Plaintiff contends that defendants have forfeited appellate review of this issue by virtue of the stipulation that went to the jury that plaintiff’s past medical bills totaled $777,905, the full amount billed. The Justices disagreed. Having received an adverse ruling on their motion in limine, defendants did not forfeit review by stipulating that plaintiff’s past medical care was reasonable and necessary and that the bills for that medical care totaled $777,905. That is, by stipulating that the billed cost of plaintiff’s past medical care was a certain sum, defendants did not forfeit their claim that the jury should not have heard that sum.
In Howell v. Hamilton Meats & Provisions, Inc.(2011) 52 Cal.4th 541, 555 (Howell)) the Supreme Court held, in an opinion rendered on the same day the jury rendered its verdict in this case, that “a plaintiff may recover as economic damages no more than the reasonable value of the medical services received and is not entitled to recover the reasonable value if his or her actual loss was less.” It stated that if a medical care “provider has, by prior agreement, accepted less than a billed amount as full payment, evidence of the full billed amount is not itself relevant on the issue of past medical expenses.” The Supreme Court did not express an opinion about whether evidence of the full amount billed was relevant or admissible on “other issues, such as noneconomic damages or future medical expenses.”

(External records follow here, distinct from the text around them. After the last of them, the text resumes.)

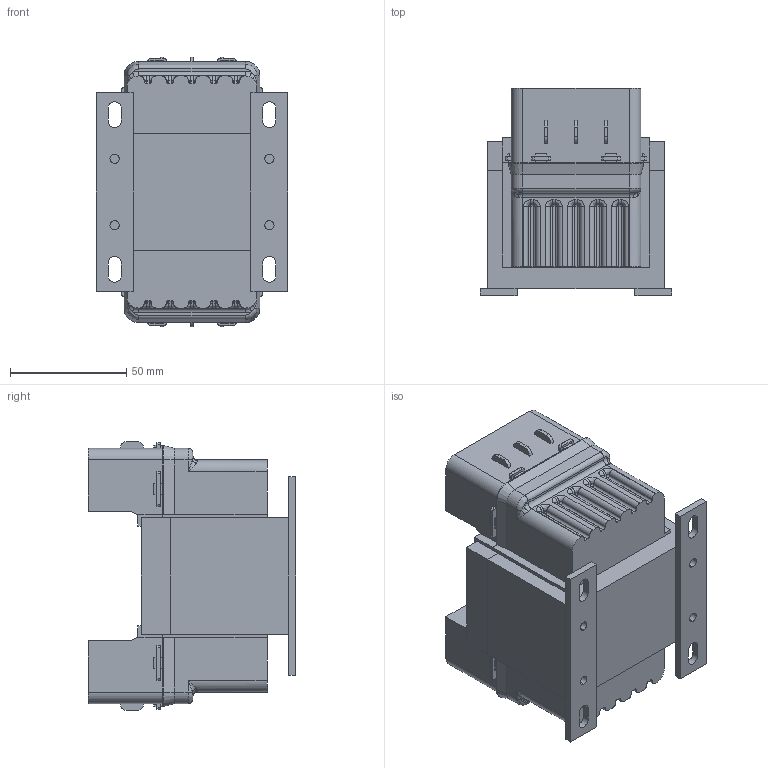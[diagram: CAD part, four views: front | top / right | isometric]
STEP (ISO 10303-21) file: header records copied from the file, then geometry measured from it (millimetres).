
FILE_DESCRIPTION (( 'STEP AP214' ), '1' );
FILE_NAME ('PH100MLI.step', '2017-08-15T17:47:57', ( '' ), ( '' ), 'SwSTEP 2.0', 'SolidWorks 2017', '' );
FILE_SCHEMA (( 'AUTOMOTIVE_DESIGN' ));
Length unit declared in the file: inch
Products named in the file (1): PH100MLI
Bounding box: 82.55 x 89.25 x 116 mm (x, y, z)
Volume: 481456.5 mm3; surface area: 81188.7 mm2
Topology: 8 solids, 8 shells, 500 faces, 1286 edges, 788 vertices
Faces by surface type: plane 292, cylinder 148, bspline 56, cone 4
Entity records: 16166 total; most frequent: CARTESIAN_POINT 4196, ORIENTED_EDGE 2524, DIRECTION 2348, EDGE_CURVE 1262, LINE 906, VECTOR 906, VERTEX_POINT 788, AXIS2_PLACEMENT_3D 721

The court in Corenbaum v. Lampkin (2013) 215 Cal.App.4th 1308 addressed the issues left open by the court in Howell. The court held that evidence of the full amount billed for a plaintiff’s medical care is not relevant to damages for future medical care or noneconomic damages and its admission is error. (Corenbaum, p. 1319.) The court held that the trial court’s erroneous admission of such evidence was prejudicial in that case because the record “clearly demonstrated” that the damages awards were based on the full amount billed and not on the lesser amount the plaintiff’s medical providers had accepted as full payment. The court reversed the award of compensatory damages and remanded for a new trial limited to the issue of compensatory damages. (Corenbaum at p. 1333-1334.)
The Justices concluded here, that although the trial court erred in this case by admitting evidence of the full amount billed for plaintiff’s medical care, defendants have failed to show that the error was prejudicial. Defendants do not cite any evidence before the jury or any argument of plaintiff’s counsel that plaintiff’s claims for noneconomic damages or future medical expenses were based on or influenced by the stipulation that plaintiff’s medical bills for past medical care totaled $777,905. As for those past full amount medical care bills, the jury’s award of $777,905 was reduced post-verdict on stipulation of the parties to $462,608.68, the amount that plaintiff’s medical care providers accepted. Accordingly, the jury’s finding that plaintiff suffered damages of $24,744,764 is affirmed.
The judgment is reversed and the matter is remanded for a retrial. The jury’s findings that defendants, except Ikeda, are liable and that plaintiff suffered damages of $24,744,764 are affirmed. The retrial is limited to the issue of apportionment of fault. In that apportionment, Ikeda may be found at fault for plaintiff’s harm, but not on a strict products liability theory. The parties shall bear their own costs on appeal.